My father has always insisted that people only say “the book was better than the movie” because they read the book first. In his opinion, if you read the book first, then you spend the movie missing all the characters and scenes they’ve had to cut for time. However, if you’d watched the movie first, then while you reading the book you’d find yourself annoyed by all the superfluous material that’s clearly not needed since it didn’t make the film version.
Whether my father’s theory holds up in all or most cases, it certainly explains my reaction to Alasdair Gray’s novel Poor Things, which was of course adapted into a very successful film last year. The movie, of course, starred Emma Stone as Bella Baxter, a woman saved from death by an unconventional surgery which replaced her own brain with that of the baby she was carrying at the time of her death. Bella essentially becomes an adult-sized baby, re-learning everything about the world as she rapidly grows back into her body. The film mainly focuses on Bella’s hunger for ideas and sex, which she pursues with equal vigor. Bella’s curiosity and guilelessness make her ripe for being taken advantage of, but the force of her personality carries her through the worst of it.
The novel is structured very differently than the film. Alasdair Gray presents the story as a series of competing narratives. The bulk of the story is split between a supposed memoir by Bella’s eventual husband, Dr. Archibald McCandless (played by Ramy Youssef in the movie) and a response written by Bella herself. Dr. McCandless’s memoir contains most of the film’s plot: Bella’s attempted suicide, rescue by Godwin Baxter (Willem Defoe), world tour exploring her sexuality with Duncan Wedderburn (Mark Ruffalo), and eventual marriage.
In Bella’s response, she casts doubts on the veracity of her husband’s memoir, claiming the whole thing to be a fiction intended to make him look good. She claims to have never only pretended to be an amnesiac to escape her abusive first husband, and that she only married McCandless out of a combination of expedience and pity.

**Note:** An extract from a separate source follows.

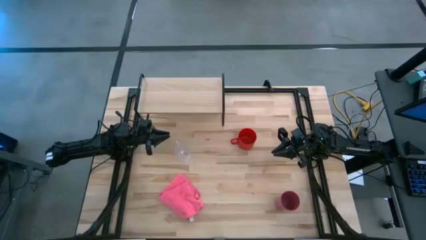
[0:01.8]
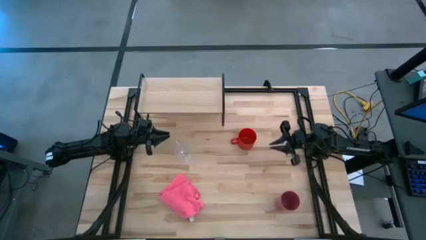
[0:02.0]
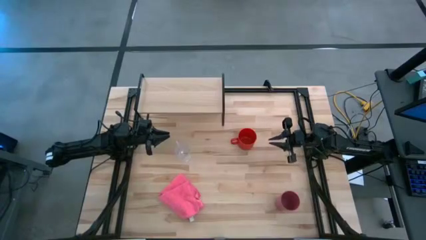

Gray positions himself as an academic feuding with a colleague over which of these narratives to believe. He presents apparent historical research in support of both positions, claiming to let the reader decide which side of the story to believe.
Gray has a remarkable gift for mimicry. Both McCandless’s and Bella’s narratives read as though they were really written by people alive in the 19th century. However, I have to say that I found the presentation of the novel became tedious to me after a while. Whereas the film told one compelling story with a wholly unique character at its center, Gray’s novel tells too many stories from too many perspectives and becomes completely centerless. Eventually, I lost interest in the little games Gray was playing, and just wanted a story I could lock into.
But like I said, had I encountered the novel first, who knows? Perhaps I would have found the film limited and missed all the other stuff Gray included.